How to complete this task –
Determine which lines of the records include the word "degrees", and copy them.

[Records from a collection]
######

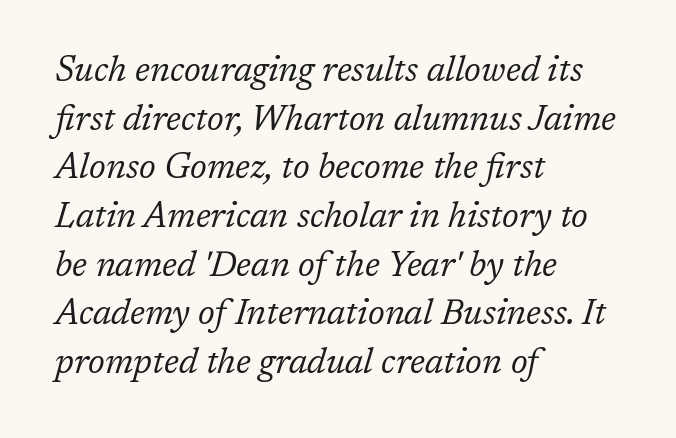
Q: Is the text bold? A: No.
Q: Is the text italic (slanted)? A: Yes, it leans right by about 17 degrees.
Q: Is the typeface a serif or a sans-serif typeface? A: Serif.
Q: Is the text underlined? A: No.
Q: How is the paragraph aligned? A: Left-aligned.
Q: Is the spacing between letters normal or unusually wide? A: Normal.
Q: Is the spacing between lines tight, normal or loose? A: Normal.
Q: Width (condensed, normal, or wide)? A: Normal.
Q: Stroke contrast? A: Low.
Q: x-height? A: Medium.
Q: Monospaced? A: No.
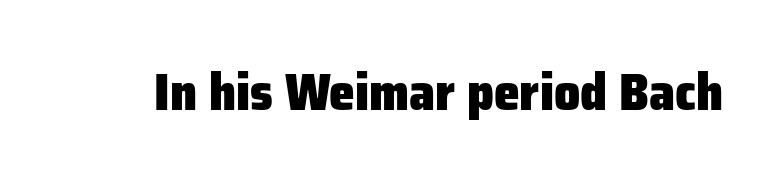
The image shows 52 px heavy sans-serif type, upright; set normal letter spacing, not underlined; low stroke contrast and a medium x-height.
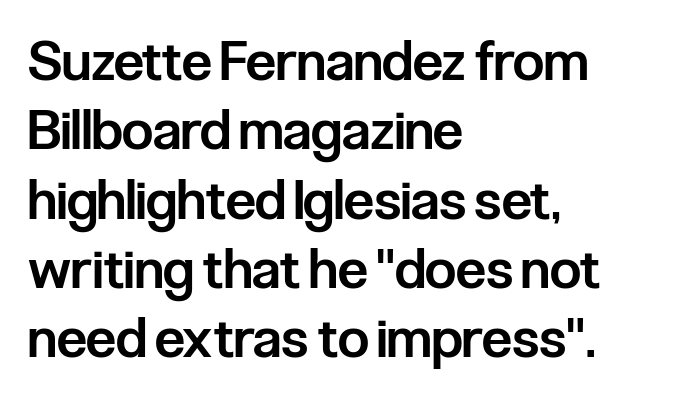
Style check: upright. Caption: semibold face, moderately heavy strokes. A clean baseline with only descenders dipping below it. All the whitespace from short lines collects on the right. Check where the strokes stop: nothing finishes them off — pure sans. Horizontal bands of white between lines are of average thickness.
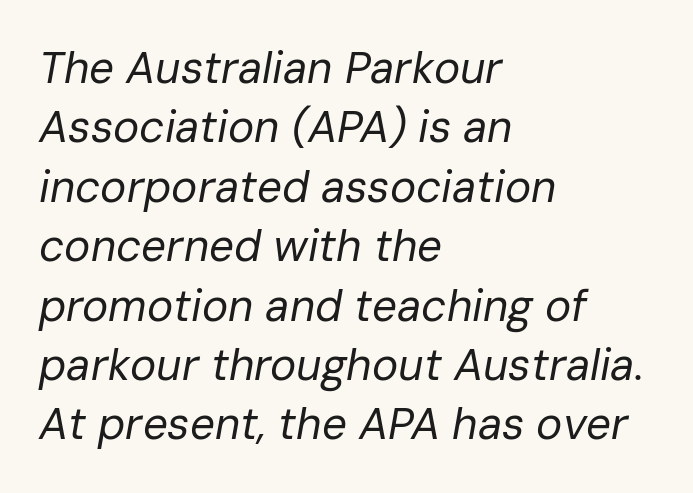
Q: Is the text bold? A: No.
Q: Is the text italic (slanted)? A: Yes, it leans right by about 10 degrees.
Q: Is the text underlined? A: No.
Q: How is the paragraph aligned? A: Left-aligned.
Q: Is the spacing between letters normal or unusually wide? A: Normal.
Q: Is the spacing between lines tight, normal or loose? A: Normal.
Q: Width (condensed, normal, or wide)? A: Normal.
Q: Stroke contrast? A: Low.
Q: x-height? A: Medium.
Q: Monospaced? A: No.

######

Finished exercise –
Q: Is the text italic (slanted)? A: Yes, it leans right by about 17 degrees.
Q: Is the text italic (slanted)? A: Yes, it leans right by about 10 degrees.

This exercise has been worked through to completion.